Game 80: Pirates 8 Astros 7

The Pirates trailed 4-0 after 3 1/2 innings in this game. They trailed 6-2 after 5 1/2. They blew a ninth inning lead with two outs and two strikes. They still won. The most surreal part about the whole thing? From what I could tell, there was no one anywhere that’s been watching this team that thought for a second that the Pirates were definitely going to lose. Not after the Astros ran out to their early lead, not after Burnett failed to keep it close, not after Hanrahan and the no-doubles defense blew the lead. This team has been playing so well that winning this crazy, unpredictable, roller coaster of a game felt like fait accompli. Let’s get to the details!

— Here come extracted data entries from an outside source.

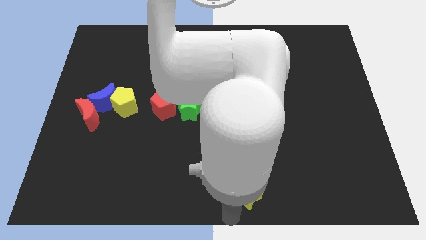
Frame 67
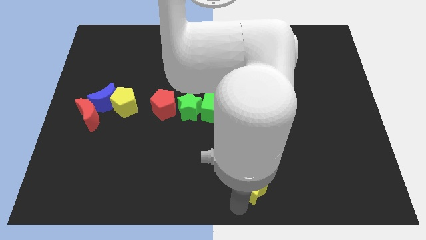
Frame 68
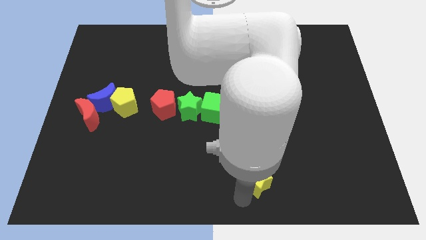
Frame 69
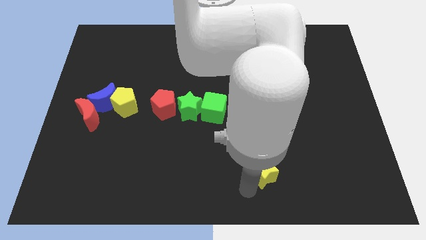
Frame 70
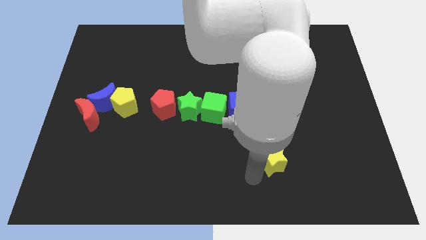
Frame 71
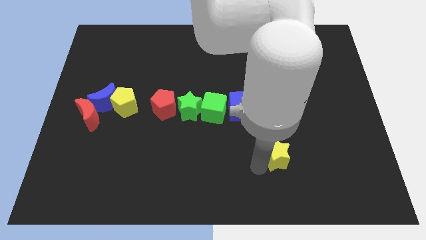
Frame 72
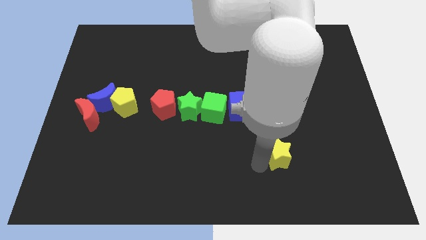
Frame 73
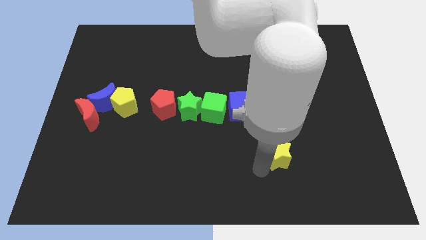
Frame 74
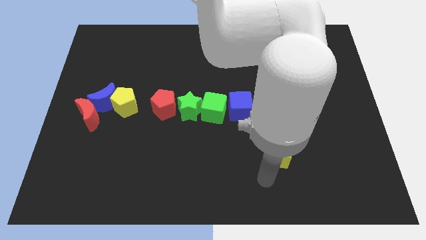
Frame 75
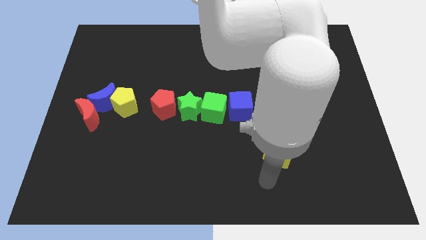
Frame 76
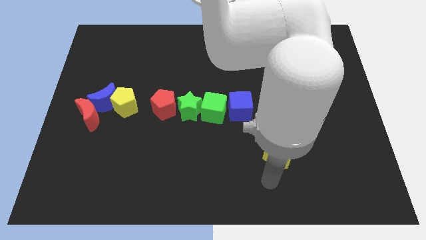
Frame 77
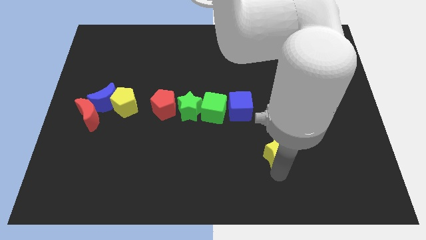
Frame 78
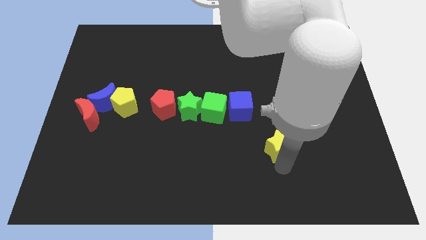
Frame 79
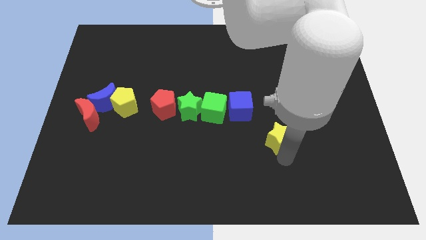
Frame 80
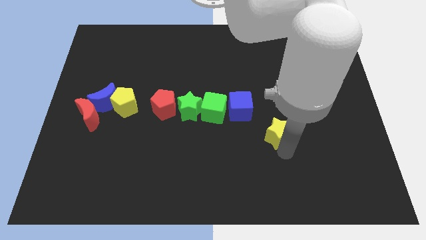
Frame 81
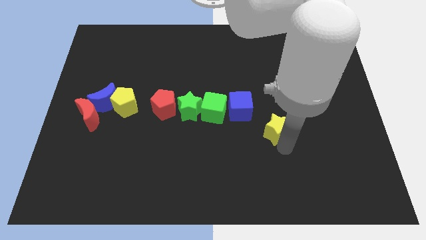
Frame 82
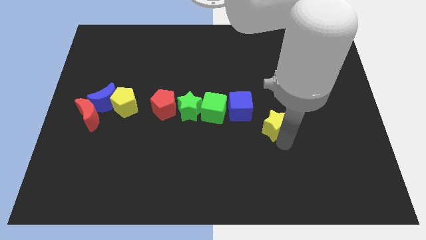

The Pirates were pretty bad early on in this one in the same way that I wrote about after last night’s game. AJ Burnett didn’t have his best stuff and he got hit hard all night long. The Pirates turned two sacrifice bunt attempts into hits and Drew Sutton played some particularly brutal defense in right field. Lucas Harrell absolutely dominated the Pirates on his first pass through the lineup. Finally, Andrew McCutchen had enough. Harrell threw him two balls, then tried to work the outside corner with a 2-0 fastball. ‘Cutch absolutely unloaded on it with a laser beam into the right field grandstand. It was a Vlad Guerrero in his prime swing; just an incredible swing by a right-handed hitter to crush a ball to right with that much power. 

It seemed like the comeback had started in earnest at that point, but Burnett and the defense kept stumbling. Chris Resop did a nice job of putting the fire out in the top of the sixth, but the Astros managed to erase McCutchen’s home run. The Pirates didn’t waste any time getting the run back, though. Garrett Jones and Neil Walker and Casey McGehee lead off the bottom of the sixth with singles to plate a run, then Clint Hurdle brought Pedro Alvarez up to pinch hit with Walker and McGehee on and one out. Alvarez quickly fell behind 0-2, then worked the count back full, fouled off two tough pitches, and laced a two-run single right back up the middle. It was a great at-bat in a huge situation and it was exactly the sort of thing that it seemed like Alvarez would never do in April.

Of course, that still left the Pirates down a run. Juan Cruz turned in a great seventh inning — maybe his best outing in a month — and set the table for Andrew McCutchen and Garrett Jones in the seventh. With one out, McCutchen hit a grounder to shortstop and immediately busted his tail out of the box, beating Jed Lowrie’s throw on what was a tough but makeable play for him. The guy that three innings before crushed an opposite field homer is the guy that immediately recognized a chance to get on base with his speed. There’s nothing Andrew McCutchen can’t do right now. Garrett Jones immediately followed ‘Cutch’s hustle with a bomb down to the Riverwalk in right field. Even through my computer screen, PNC felt like a live wire.

The drama wasn’t quite finished, though. With two outs and two strikes, Jason Castro smoked a ball down the first base line that probably should’ve been an easy play for Garrett Jones, except that Jones started the play with a foot on the chalk, positioned in the always-maddening “no doubles” defense. Drew Sutton took another long route to the ball and made a weak throw home and Lowrie scored easily. It was one of those maddening plays where everything went wrong in such a subtle way that it felt like maybe it was all just bad luck; Hanrahan didn’t have his best stuff tonight and coudn’t finish Castro, but the pitch he ended up hitting was a still a pretty good two-strike slider. Jones was stupidly positioned, but he’s a bad defensive first baseman and his positioning might not have mattered. Sutton took a long time getting the ball back to the plate, but even with Gorkys Hernandez (who was in left for a potentially-concussed Alex Presley) and Sutton flipped it probably would’ve been a heck of a close play at the plate and he might not have gotten Lowrie. 

And then none of it mattered at all because Sutton stepped up to the plate with one out in the bottom of the ninth and hit a bomb to dead center. It was the awesome sort of surprise climax that only baseball can give you; everyone knew that Andrew McCutchen was in the on-deck circle, waiting to face the lefty Wesley Wright and everyone was expecting something to happen, but no one was ready for it all as quickly as Sutton made it happen. Suddenly the guy that bounced all around baseball this season and who’s being shoehorned into an outfield spot that he doesn’t belong in because Jose Tabata’s been so disappointing was getting a shaving cream pie smashed in his face by AJ Burnett while a small-but-electric PNC crowd of about 20,000 buzzed like it was October. 

This is unbelieveable, this is unexplainable, this is magical. This is Pirate baseball right now in 2012.